___ GIVEN DATA

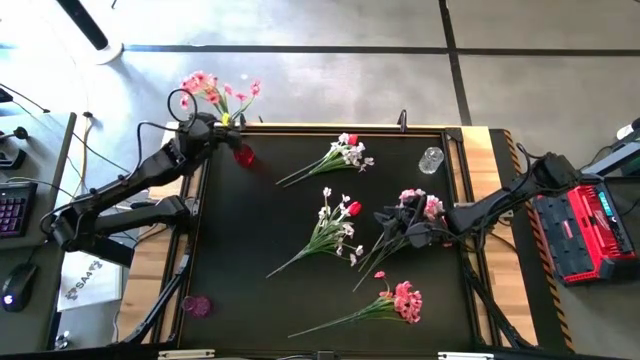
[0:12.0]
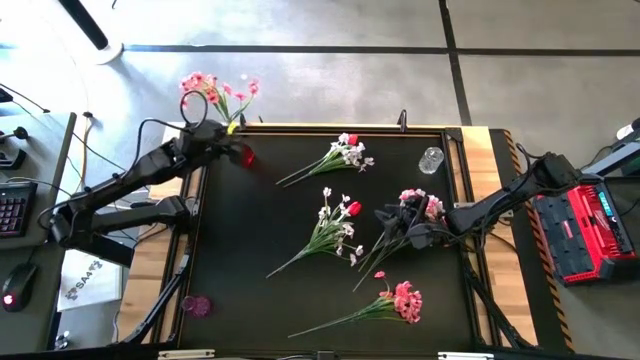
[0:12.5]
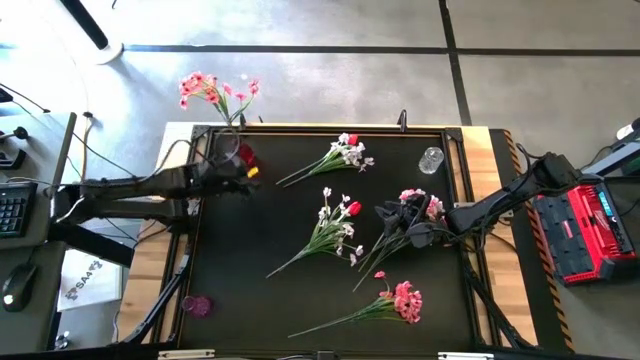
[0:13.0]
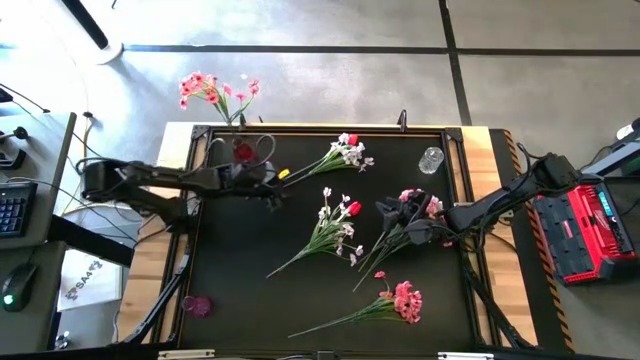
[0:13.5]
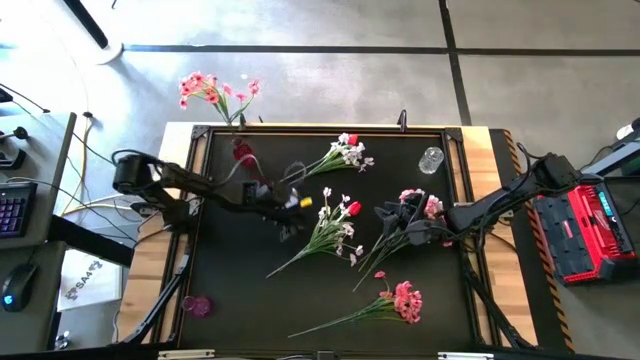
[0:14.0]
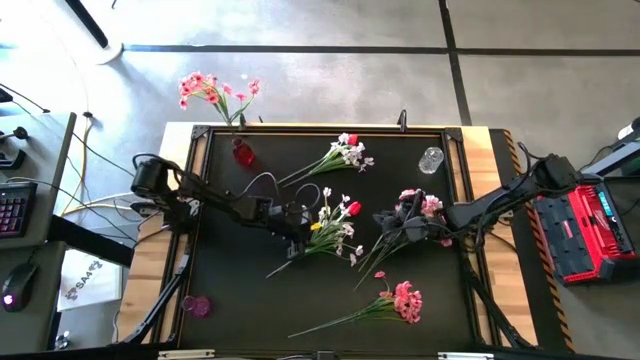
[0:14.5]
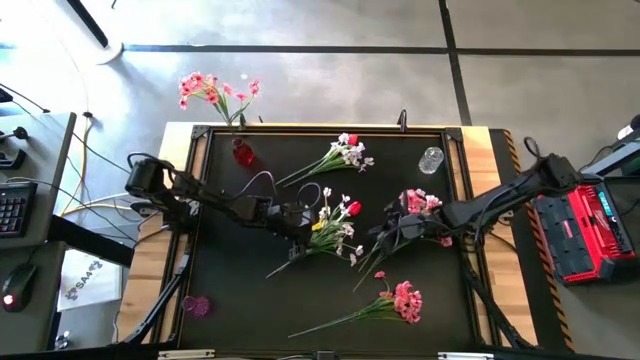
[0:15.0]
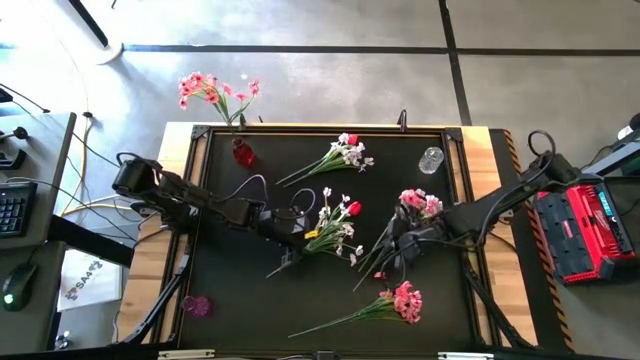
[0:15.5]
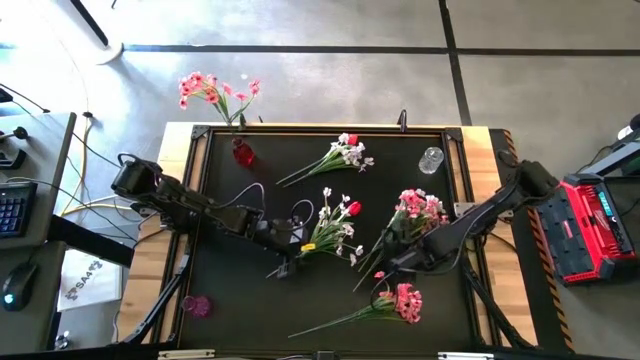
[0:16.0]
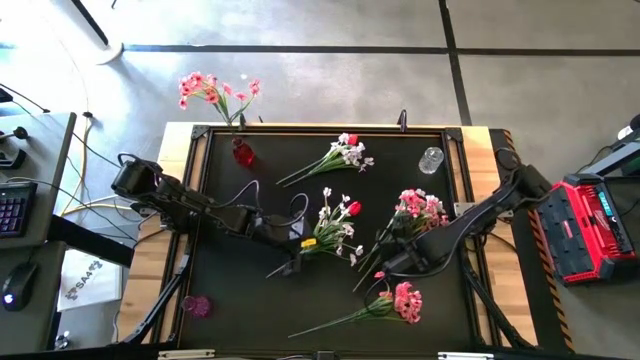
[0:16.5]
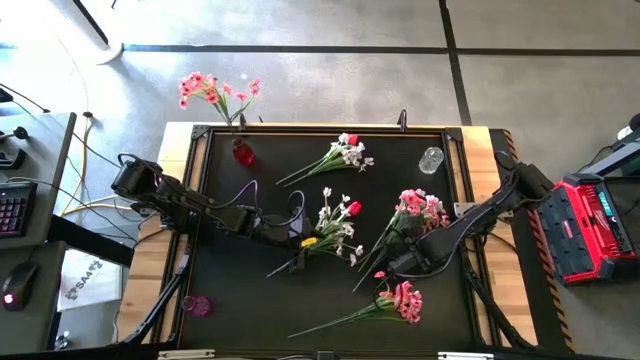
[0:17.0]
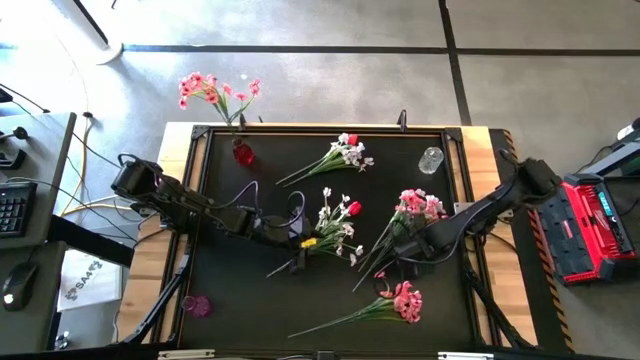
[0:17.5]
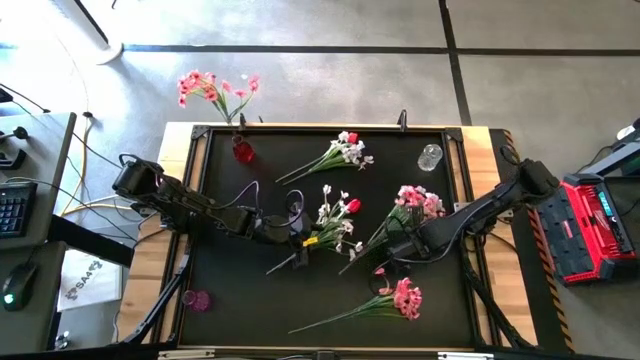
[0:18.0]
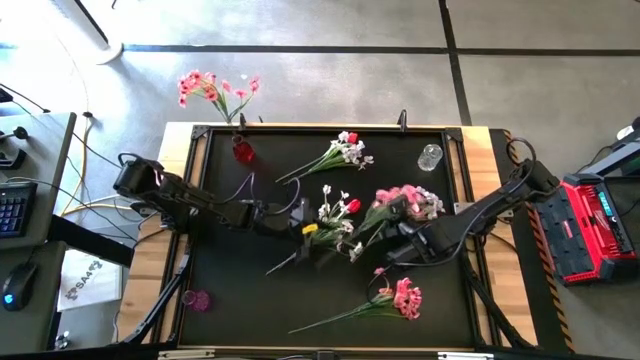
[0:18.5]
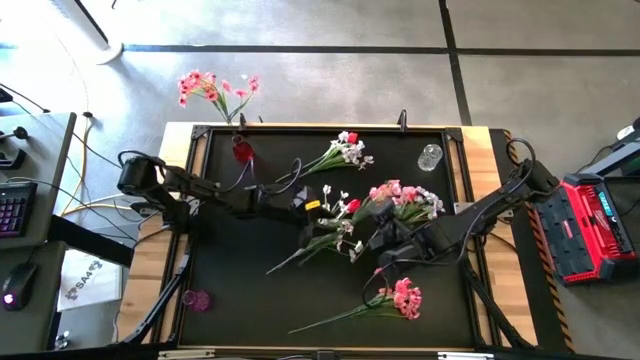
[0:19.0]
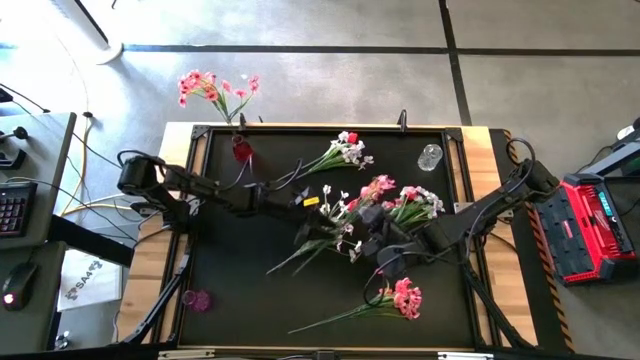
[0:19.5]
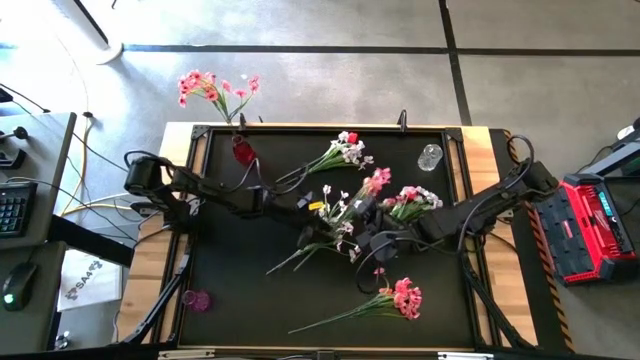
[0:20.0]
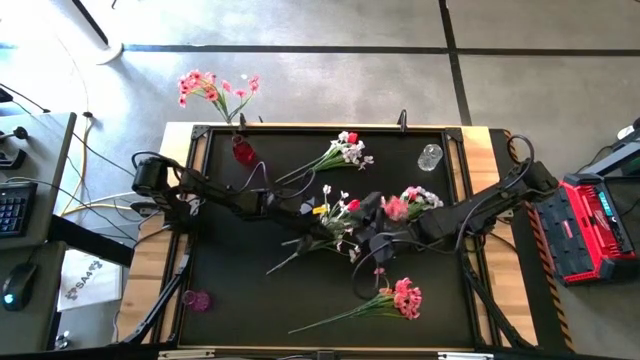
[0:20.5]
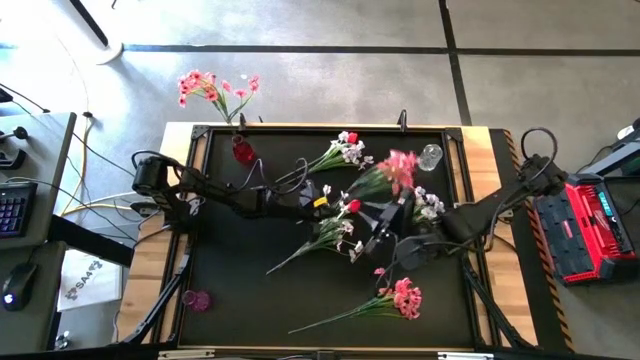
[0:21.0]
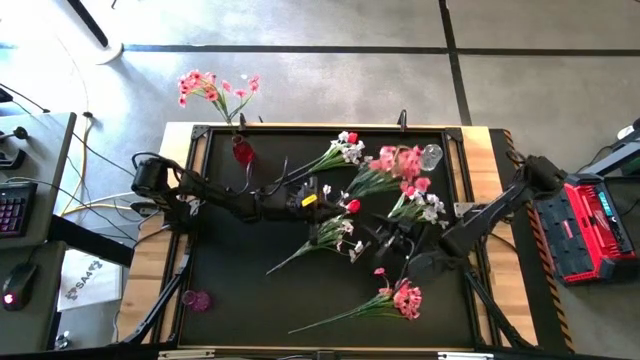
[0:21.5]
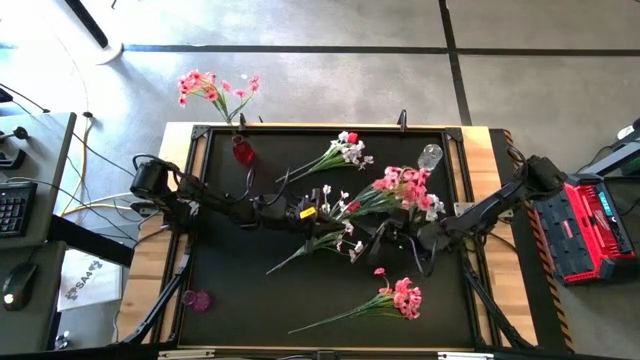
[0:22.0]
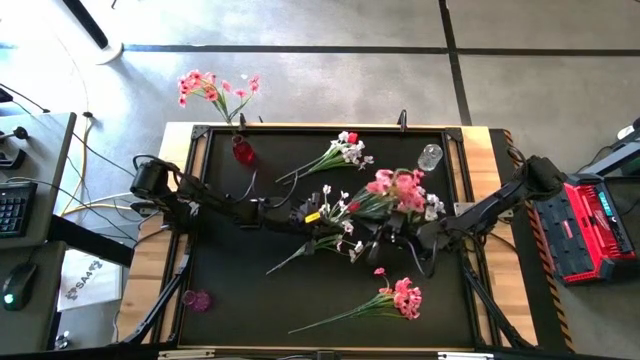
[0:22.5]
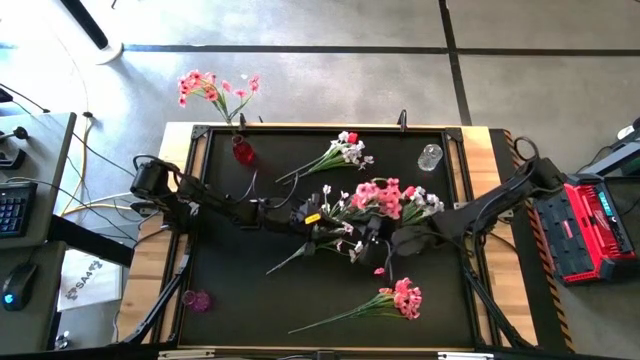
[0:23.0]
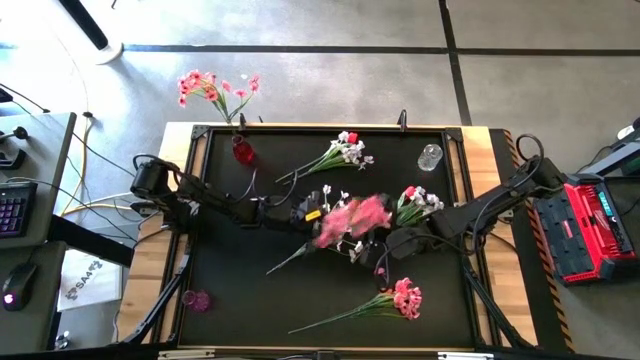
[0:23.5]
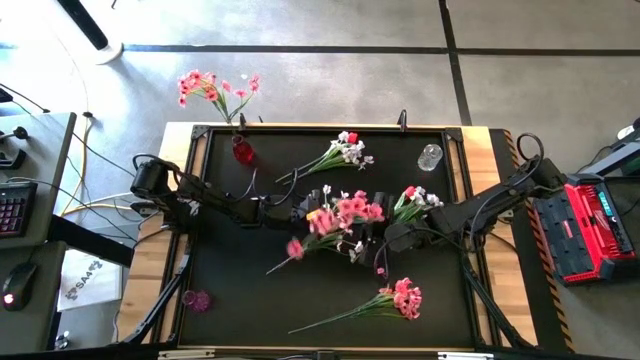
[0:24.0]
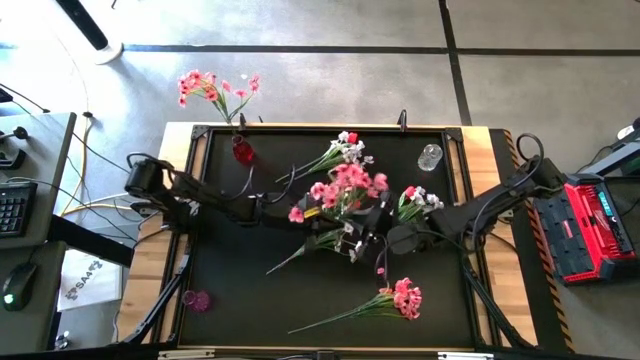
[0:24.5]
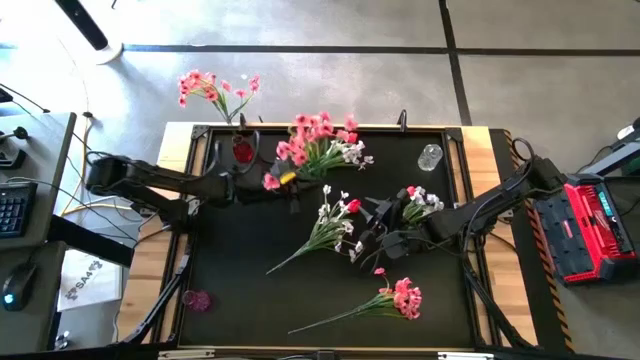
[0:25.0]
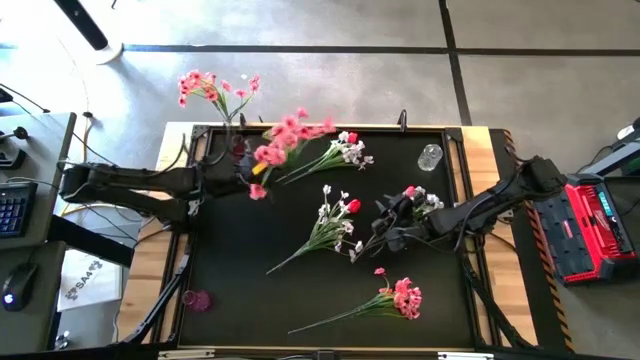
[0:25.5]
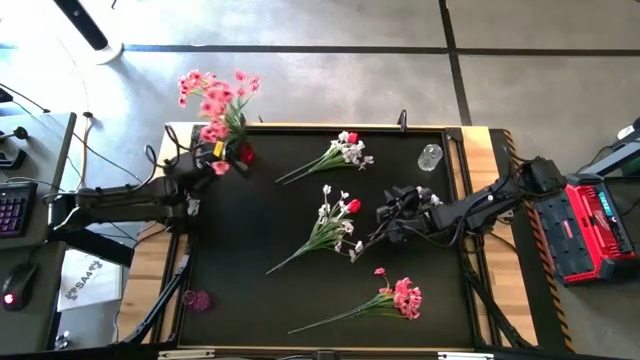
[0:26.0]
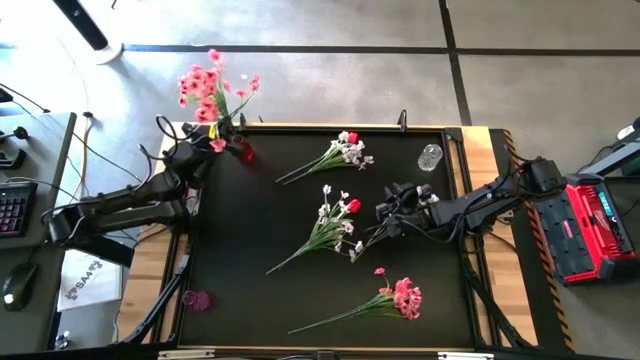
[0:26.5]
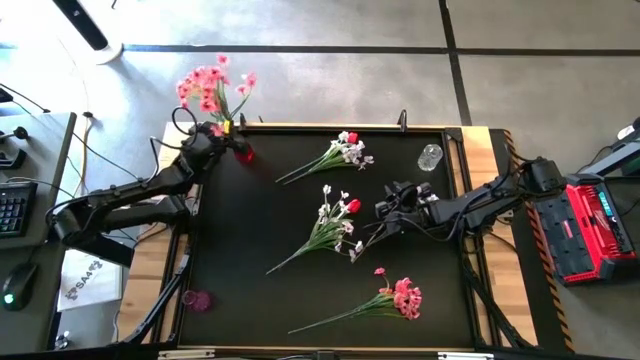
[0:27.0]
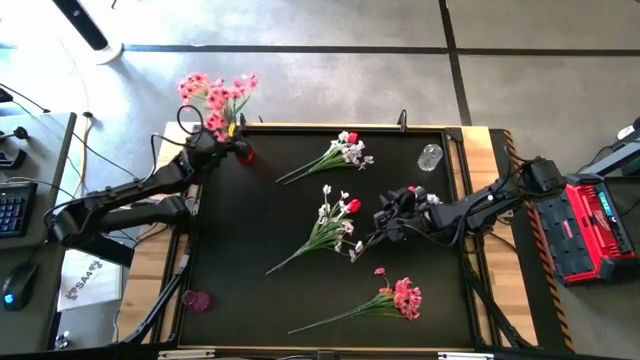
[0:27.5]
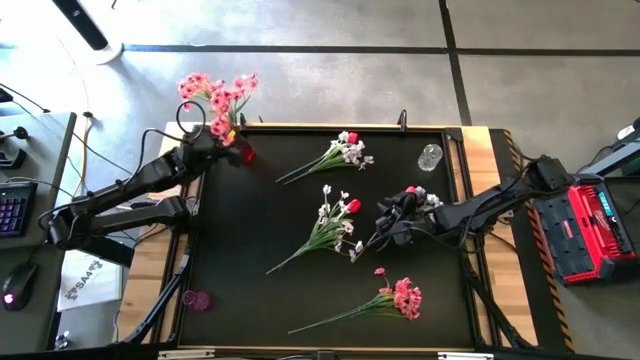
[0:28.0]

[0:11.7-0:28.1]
Task: Sort flowers into vase by color
Put the top pink flower into the red vase

______

**YOUR INSTRUCTIONS**
Everything in the entries above must be output again exactly, except the pictures.

**RESPONSE TO THE TASK**
[0:12.0]
[0:12.5]
[0:13.0]
[0:13.5]
[0:14.0]
[0:14.5]
[0:15.0]
[0:15.5]
[0:16.0]
[0:16.5]
[0:17.0]
[0:17.5]
[0:18.0]
[0:18.5]
[0:19.0]
[0:19.5]
[0:20.0]
[0:20.5]
[0:21.0]
[0:21.5]
[0:22.0]
[0:22.5]
[0:23.0]
[0:23.5]
[0:24.0]
[0:24.5]
[0:25.0]
[0:25.5]
[0:26.0]
[0:26.5]
[0:27.0]
[0:27.5]
[0:28.0]

[0:11.7-0:28.1]
Task: Sort flowers into vase by color
Put the top pink flower into the red vase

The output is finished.